# Data Description
- Simulated dataset with 100 returns for assets X and Y.
- Estimates optimal investment fraction to minimize portfolio risk.
- Bootstrap estimates standard error.
- There are 2 variables:
    - X: Returns for Asset X
    - Y: Returns for Asset Y

# Load Packages and Data

In [2]:
import numpy as np, statsmodels.api as sm
from ISLP import load_data
from ISLP.models import (ModelSpec as MS,
                         summarize, poly, sklearn_sm)
from sklearn.model_selection import train_test_split
from functools import partial
from sklearn.model_selection import \
     (train_test_split, cross_validate, KFold, ShuffleSplit)
from sklearn.base import clone

In [3]:
Portfolio = load_data('Portfolio')
Portfolio.head()

Unnamed: 0,X,Y
0,-0.895251,-0.234924
1,-1.562454,-0.885176
2,-0.41709,0.271888
3,1.044356,-0.734198
4,-0.315568,0.841983


In [4]:
Portfolio.describe().round(1)

Unnamed: 0,X,Y
count,100.0,100.0
mean,-0.1,-0.1
std,1.1,1.1
min,-2.4,-2.7
25%,-0.9,-0.9
50%,-0.3,-0.2
75%,0.6,0.8
max,2.5,2.6


# The Bootstrap
## Estimating the Accuracy of a Statistic of Interest
- The bootstrap is versatile and easy to use, requiring no complex math. You can implement it in Python to estimate standard error, even with data in a dataframe.

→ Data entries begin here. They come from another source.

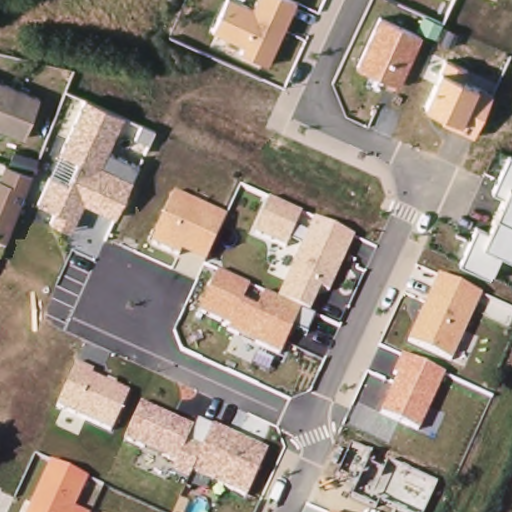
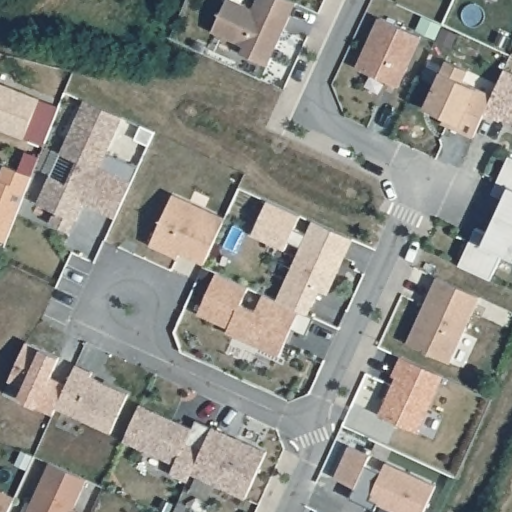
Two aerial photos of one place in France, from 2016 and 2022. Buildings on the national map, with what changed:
unchanged [(269,64),(241,53),(244,46),(212,31),(225,0),(236,0),(253,7),(256,0),(295,0),(299,1),(269,64)]
unchanged [(423,35),(398,87),(354,66),(379,14),(423,35)]
unchanged [(471,67),(463,80),(493,94),(476,137),(441,121),(443,115),(424,107),(446,56),(471,67)]
unchanged [(0,129),(0,82),(39,99),(23,137),(0,129)]
unchanged [(124,117),(109,150),(140,163),(115,218),(84,204),(71,233),(49,223),(55,213),(37,204),(84,97),(124,117)]
unchanged [(512,155),(512,259),(503,254),(492,279),(459,262),(477,227),(488,234),(504,196),(493,191),(509,154),(512,155)]
unchanged [(29,176),(4,239),(0,238),(0,170),(3,164),(29,176)]
unchanged [(225,215),(204,265),(180,253),(178,257),(150,244),(174,192),(225,215)]
unchanged [(354,236),(326,295),(322,292),(312,313),(314,315),(305,334),(294,328),(280,355),(227,331),(229,325),(198,312),(215,270),(250,287),(242,304),(257,310),(264,292),(277,298),(301,246),(290,241),(285,249),(251,232),(268,197),(354,236)]
unchanged [(438,278),(480,297),(449,361),(408,343),(438,278)]
new [(40,347),(60,355),(50,377),(66,382),(56,406),(53,413),(37,404),(19,396),(24,386),(9,379),(27,340),(40,347)]
unchanged [(444,374),(418,431),(380,413),(397,376),(394,374),(402,355),(444,374)]
unchanged [(95,369),(91,376),(130,393),(111,433),(56,406),(76,359),(95,369)]
unchanged [(192,475),(189,481),(170,472),(174,462),(124,441),(139,403),(193,426),(196,418),(267,447),(246,497),(192,475)]
unchanged [(370,465),(382,469),(388,459),(439,481),(425,512),(396,512),(379,504),(376,509),(351,497),(356,485),(336,477),(351,441),(375,454),(370,465)]
unchanged [(74,508),(83,512),(27,512),(49,458),(89,478),(74,508)]
new [(8,494),(22,500),(17,512),(0,512),(0,489),(9,493),(8,494)]

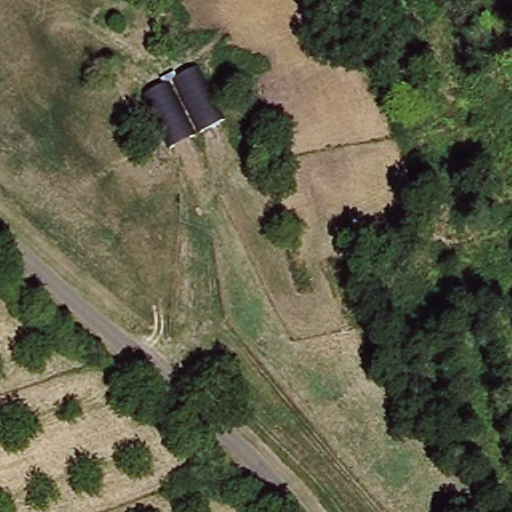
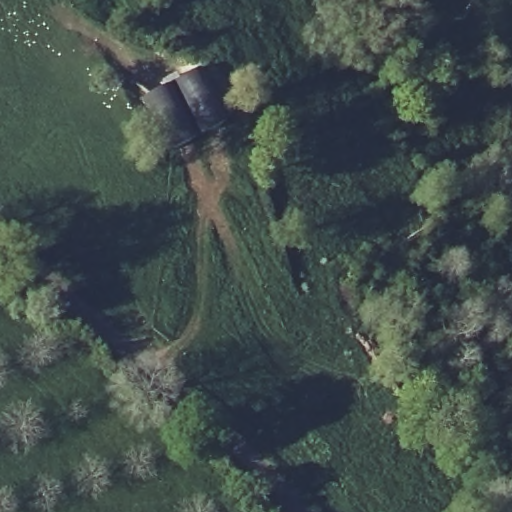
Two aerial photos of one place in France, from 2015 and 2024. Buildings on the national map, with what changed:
unchanged [(168,151),(140,99),(196,72),(225,125),(168,151)]

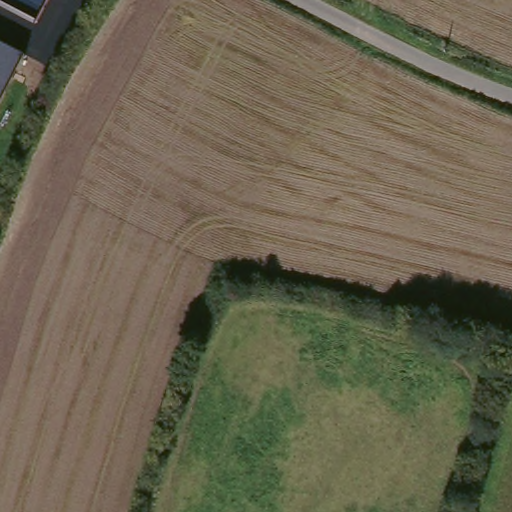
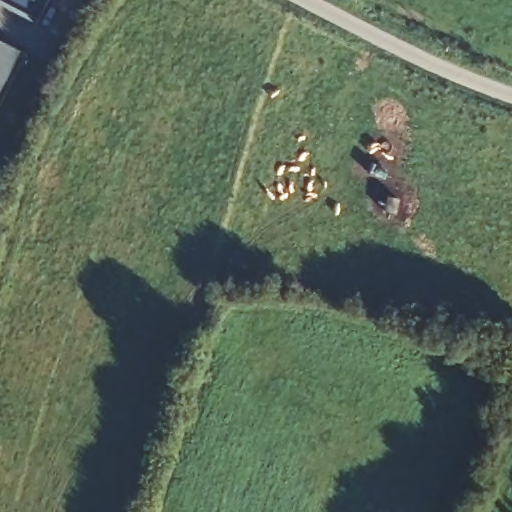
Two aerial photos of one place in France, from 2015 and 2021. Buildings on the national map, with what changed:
unchanged [(0,2),(0,0),(49,0),(37,21),(0,2)]
unchanged [(0,107),(0,42),(27,55),(0,107)]

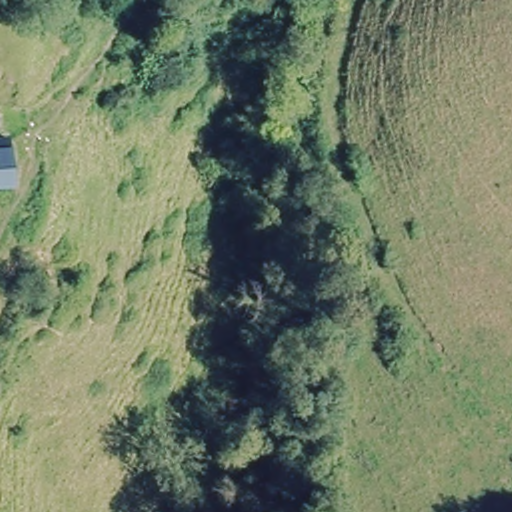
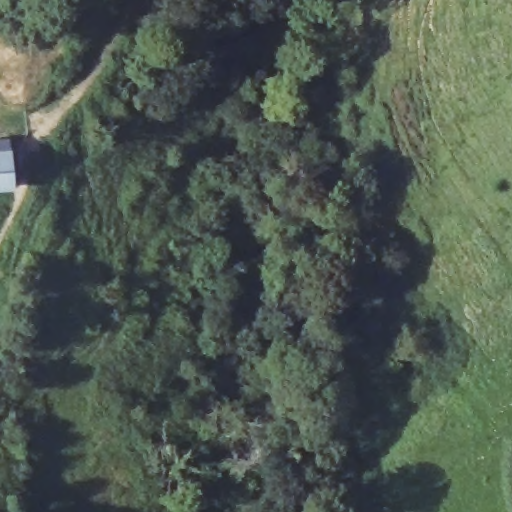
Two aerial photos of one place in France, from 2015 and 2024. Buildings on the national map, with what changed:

- We'll demonstrate with a simple example using the `Portfolio` data set to estimate the sampling variance of $\alpha$. We'll create `alpha_func()`, which takes a dataframe `D` with `X` and `Y` columns and an index vector `idx` to compute $\alpha$.

In [5]:
def alpha_func(D, idx):
    # Calculate the covariance matrix for columns 'X' and 'Y' of DataFrame D, 
    # considering only the rows specified by idx. 
    # The rowvar=False indicates that each column represents a variable.
    # The rowvar=True indicates that each row represents a variable.
    cov_ = np.cov(D[['X', 'Y']].loc[idx], rowvar=False)
    
    # Compute the alpha value using the elements of the covariance matrix.
    # The formula is: (variance of Y - covariance of X and Y) /
    #                 (variance of X + variance of Y - 2 * covariance of X and Y)
    return ((cov_[1, 1] - cov_[0, 1]) /
            (cov_[0, 0] + cov_[1, 1] - 2 * cov_[0, 1]))

- The function uses the minimum variance formula to estimate $\alpha$ based on `idx`. For example, it estimates $\alpha$ using all 100 observations.

In [9]:
alpha_func(Portfolio, range(100))

0.57583207459283

- We then randomly select 100 observations with replacement from `range(100)`, forming a bootstrap data set to recompute $\hat{\alpha}$.

In [18]:
rng = np.random.default_rng(0)
alpha_func(Portfolio,
           rng.choice(100, 100, replace=True))

0.6074452469619002

- This can be generalized with `boot_SE()` to compute bootstrap standard errors for functions using a dataframe.

In [18]:
def boot_SE(func, D, n=None, B=1000, seed=0):
    rng = np.random.default_rng(seed)
    # Initialize variables to accumulate the first and second moments
    first_, second_ = 0, 0
    # If n is not specified, use the number of rows in DataFrame D
    n = n or D.shape[0]
    # Perform B bootstrap iterations
    for _ in range(B):
        # Randomly sample n indices from D with replacement
        idx = rng.choice(D.index, n, replace=True)
        
        # Apply the provided function to the sampled data
        value = func(D, idx)
        
        # Accumulate the first and second moments
        first_ += value
        second_ += value**2
    
    # Compute and return the bootstrap standard error
    return np.sqrt(second_ / B - (first_ / B)**2)

- The `_` variable is used in `for _ in range(B)` to run a loop `B` times, ignoring the counter.

- Use this approach to evaluate $\alpha$'s accuracy with $B=1{,}000$ bootstrap replications.

In [19]:
alpha_SE = boot_SE(alpha_func, Portfolio, B=1000, seed=0)
alpha_SE

0.09118176521277699

- The final output shows that the bootstrap estimate for ${\rm SE}(\hat{\alpha})$ is $0.0912$.